● **Work to complete**
A word-for-word copy of the data, with no images, is the required answer.

● **Input for this task**
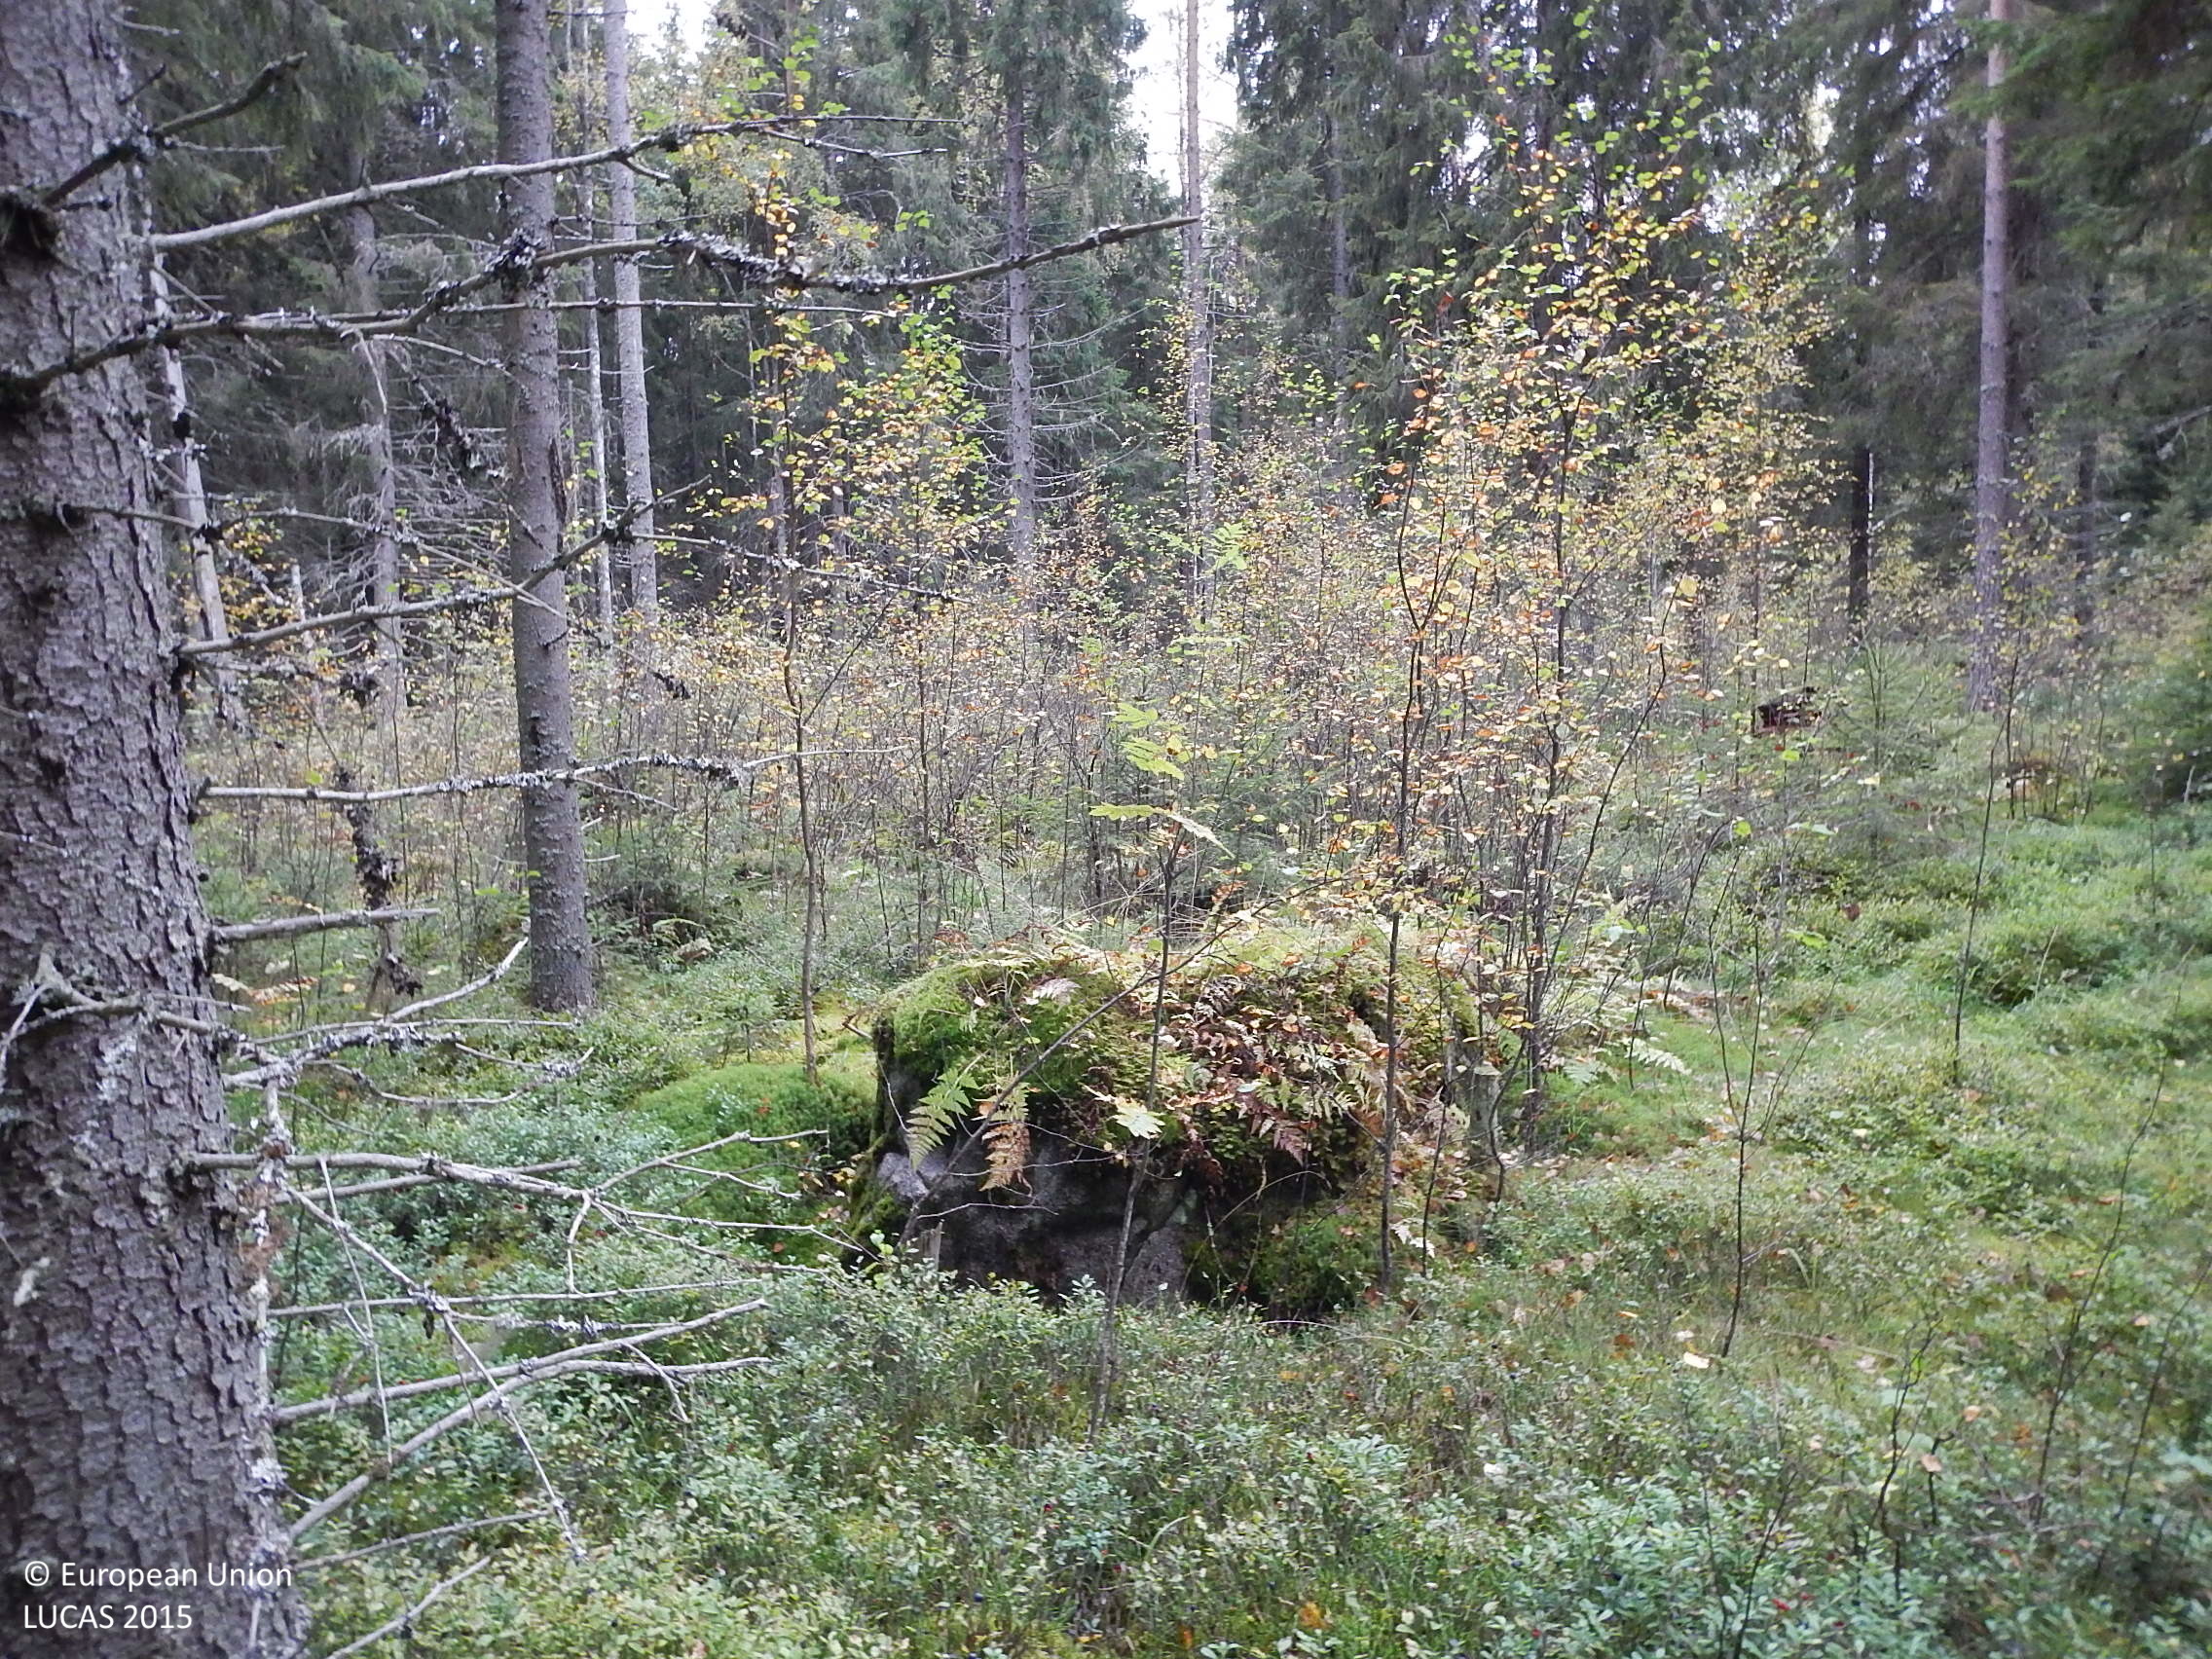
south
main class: Woodland
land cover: Spruce dominated coniferous woodland
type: boreal forest
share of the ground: > 75 %
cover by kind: coniferous forest trees 80 %, shrubs 10 %, lichens and mosses 10 %
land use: Forestry
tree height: > 5 m
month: September
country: FI
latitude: 61.9630
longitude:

● **Result of this task**
south
main class: Woodland
land cover: Spruce dominated coniferous woodland
type: boreal forest
share of the ground: > 75 %
cover by kind: coniferous forest trees 80 %, shrubs 10 %, lichens and mosses 10 %
land use: Forestry
tree height: > 5 m
month: September
country: FI
latitude: 61.9630
longitude:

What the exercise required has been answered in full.